“I was stopped by this woman who called me Mr. Selfridge the other day” reveals Jeremy Piven as we chat via webcam (watch above) about his PBS series of the same name. “We took a picture together and her daughter said, ‘Isn’t it funny. She doesn’t know what ‘Entourage’ is.’ That’s fun to me.” In this acclaimed period drama, Piven plays Harry Selfridge the American department store owner who made a name for himself in England. “What’s so beautifully ironic is that Harry Selfridge made his name primarily through advertising. He’s the guy who was taking out full page ads in the Daily Mail when no one was doing that.”

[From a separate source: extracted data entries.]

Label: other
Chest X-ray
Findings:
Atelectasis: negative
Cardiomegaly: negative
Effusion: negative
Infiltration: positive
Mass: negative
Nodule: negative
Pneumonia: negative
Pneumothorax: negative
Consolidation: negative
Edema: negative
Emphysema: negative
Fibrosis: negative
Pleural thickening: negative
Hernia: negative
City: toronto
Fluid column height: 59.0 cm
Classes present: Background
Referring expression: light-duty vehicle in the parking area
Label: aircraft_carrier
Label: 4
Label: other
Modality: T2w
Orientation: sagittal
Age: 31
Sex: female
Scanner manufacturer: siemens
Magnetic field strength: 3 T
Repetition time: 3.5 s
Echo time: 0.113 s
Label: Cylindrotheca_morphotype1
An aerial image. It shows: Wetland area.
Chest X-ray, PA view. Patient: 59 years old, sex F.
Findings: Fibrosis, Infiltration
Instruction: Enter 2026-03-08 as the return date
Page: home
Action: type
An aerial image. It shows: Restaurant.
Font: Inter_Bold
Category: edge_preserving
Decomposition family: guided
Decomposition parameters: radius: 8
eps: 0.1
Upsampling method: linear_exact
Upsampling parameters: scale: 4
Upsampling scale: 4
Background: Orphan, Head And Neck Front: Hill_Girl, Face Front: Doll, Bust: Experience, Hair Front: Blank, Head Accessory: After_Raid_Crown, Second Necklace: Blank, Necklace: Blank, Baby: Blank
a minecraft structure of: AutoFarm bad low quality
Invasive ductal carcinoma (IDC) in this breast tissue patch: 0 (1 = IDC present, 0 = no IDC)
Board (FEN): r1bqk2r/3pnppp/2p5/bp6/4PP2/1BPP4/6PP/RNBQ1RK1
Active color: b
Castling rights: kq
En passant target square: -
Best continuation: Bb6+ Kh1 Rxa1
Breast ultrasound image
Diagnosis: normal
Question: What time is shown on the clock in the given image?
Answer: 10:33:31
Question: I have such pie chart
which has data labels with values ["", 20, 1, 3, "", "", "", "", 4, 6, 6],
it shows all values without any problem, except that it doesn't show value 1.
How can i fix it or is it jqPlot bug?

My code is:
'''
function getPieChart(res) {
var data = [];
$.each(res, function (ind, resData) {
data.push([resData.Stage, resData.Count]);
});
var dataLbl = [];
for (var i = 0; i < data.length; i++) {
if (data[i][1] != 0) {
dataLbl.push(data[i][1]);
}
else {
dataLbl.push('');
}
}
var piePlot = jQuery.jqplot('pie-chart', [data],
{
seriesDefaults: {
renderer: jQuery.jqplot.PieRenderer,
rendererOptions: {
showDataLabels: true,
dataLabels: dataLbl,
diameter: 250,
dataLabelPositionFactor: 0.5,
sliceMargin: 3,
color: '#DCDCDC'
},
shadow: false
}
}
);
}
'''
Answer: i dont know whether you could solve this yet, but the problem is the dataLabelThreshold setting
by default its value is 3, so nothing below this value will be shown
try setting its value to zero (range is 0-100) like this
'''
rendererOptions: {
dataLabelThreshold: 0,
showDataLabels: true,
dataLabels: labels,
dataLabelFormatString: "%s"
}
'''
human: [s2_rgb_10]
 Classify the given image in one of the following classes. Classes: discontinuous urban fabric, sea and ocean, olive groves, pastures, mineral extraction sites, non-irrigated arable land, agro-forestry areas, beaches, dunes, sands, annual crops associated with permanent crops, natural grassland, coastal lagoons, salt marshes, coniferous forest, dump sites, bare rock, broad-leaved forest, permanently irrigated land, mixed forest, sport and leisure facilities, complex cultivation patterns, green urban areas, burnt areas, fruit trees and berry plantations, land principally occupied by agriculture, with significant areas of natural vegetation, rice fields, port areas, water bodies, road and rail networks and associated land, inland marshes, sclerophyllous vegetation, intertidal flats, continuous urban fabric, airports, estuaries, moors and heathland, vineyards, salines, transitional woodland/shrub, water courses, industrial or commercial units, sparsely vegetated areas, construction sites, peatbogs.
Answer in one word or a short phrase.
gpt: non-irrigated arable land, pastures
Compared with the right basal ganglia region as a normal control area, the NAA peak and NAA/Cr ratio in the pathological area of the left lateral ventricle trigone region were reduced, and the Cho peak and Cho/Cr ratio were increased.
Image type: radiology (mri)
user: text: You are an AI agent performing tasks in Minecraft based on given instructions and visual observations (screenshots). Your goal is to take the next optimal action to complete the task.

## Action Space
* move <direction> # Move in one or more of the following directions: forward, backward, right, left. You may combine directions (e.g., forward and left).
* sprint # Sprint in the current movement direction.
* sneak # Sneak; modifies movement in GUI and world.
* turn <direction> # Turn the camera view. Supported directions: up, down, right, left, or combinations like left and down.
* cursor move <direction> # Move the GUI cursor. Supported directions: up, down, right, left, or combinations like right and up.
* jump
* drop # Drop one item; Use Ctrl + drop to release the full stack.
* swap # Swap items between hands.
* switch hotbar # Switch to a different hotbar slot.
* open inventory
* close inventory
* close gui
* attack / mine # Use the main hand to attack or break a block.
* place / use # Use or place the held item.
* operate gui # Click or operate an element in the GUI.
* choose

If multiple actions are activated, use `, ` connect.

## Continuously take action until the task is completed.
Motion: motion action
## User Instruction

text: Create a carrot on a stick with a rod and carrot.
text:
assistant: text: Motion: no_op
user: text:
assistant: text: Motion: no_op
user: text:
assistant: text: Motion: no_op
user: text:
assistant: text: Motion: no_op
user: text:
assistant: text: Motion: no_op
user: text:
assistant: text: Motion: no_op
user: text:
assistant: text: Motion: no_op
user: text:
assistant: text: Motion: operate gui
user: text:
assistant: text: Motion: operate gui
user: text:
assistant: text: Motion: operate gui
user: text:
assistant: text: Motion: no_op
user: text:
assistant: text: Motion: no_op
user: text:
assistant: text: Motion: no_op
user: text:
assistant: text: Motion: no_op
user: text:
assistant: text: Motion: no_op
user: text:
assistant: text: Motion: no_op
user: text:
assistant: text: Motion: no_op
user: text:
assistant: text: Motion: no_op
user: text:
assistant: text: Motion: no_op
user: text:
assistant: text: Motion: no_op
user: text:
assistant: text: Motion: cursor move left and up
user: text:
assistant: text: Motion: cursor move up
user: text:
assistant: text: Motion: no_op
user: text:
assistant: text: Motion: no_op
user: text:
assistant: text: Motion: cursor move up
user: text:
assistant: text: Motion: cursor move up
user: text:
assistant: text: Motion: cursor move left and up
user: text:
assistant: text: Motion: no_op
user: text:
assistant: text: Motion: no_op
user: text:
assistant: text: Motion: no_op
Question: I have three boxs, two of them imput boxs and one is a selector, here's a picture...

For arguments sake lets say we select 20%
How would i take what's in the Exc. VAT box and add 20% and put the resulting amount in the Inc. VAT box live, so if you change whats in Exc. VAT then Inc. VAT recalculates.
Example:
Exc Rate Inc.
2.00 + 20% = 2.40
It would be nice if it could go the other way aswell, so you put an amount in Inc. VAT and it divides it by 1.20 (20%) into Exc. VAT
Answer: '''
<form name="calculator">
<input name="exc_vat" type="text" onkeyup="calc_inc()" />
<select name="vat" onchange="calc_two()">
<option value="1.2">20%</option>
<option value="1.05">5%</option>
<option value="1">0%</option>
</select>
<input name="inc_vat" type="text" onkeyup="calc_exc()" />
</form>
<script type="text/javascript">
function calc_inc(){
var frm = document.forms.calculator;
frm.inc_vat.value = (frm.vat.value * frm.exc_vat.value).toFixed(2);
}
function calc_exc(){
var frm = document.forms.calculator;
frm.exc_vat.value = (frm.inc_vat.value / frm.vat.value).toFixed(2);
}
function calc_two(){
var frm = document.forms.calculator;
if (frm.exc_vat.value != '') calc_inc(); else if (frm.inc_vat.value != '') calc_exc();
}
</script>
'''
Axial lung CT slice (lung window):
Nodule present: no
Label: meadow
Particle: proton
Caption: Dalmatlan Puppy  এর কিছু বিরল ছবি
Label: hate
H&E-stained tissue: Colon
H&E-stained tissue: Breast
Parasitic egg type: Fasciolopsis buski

For the actor, wrapping up the show after four seasons “was very emotional. My mother actually was on set that day and my sister was too. That was really great. My mom was my acting teacher from when I was about eight years old. It was emotional. It was bittersweet. I was proud we did all we could do.”
He describes the approach he took to end his character’s journey in detail. “When we tell his last chapter, it’s Shakespearean and we don’t pull any punches. I got to kind of come up against it with the directors and the producers. I think the Brits incorporate this credo of having a ‘stiff upper lip’ mentality. But there’s a moment where my character is brought to his knees.” He readily admits, “As an actor you hope to use all that is given in a scene and get out of your own way, to be as present as possible and hope to get lucky. The writing was good, so I got lucky and I got emotional. It was interesting navigating that because that is not their style.”
And, he says “being a producer, I got to be in the mix.” Piven jests, “I was told to never talk about this. So I’m going to actors’ prison.” He thinks this highlights a cultural difference between the two countries. “Americans wear their hearts on their sleeves; sometimes we’re a little too emotionally available or effusive. That’s part of Harry’s journey.”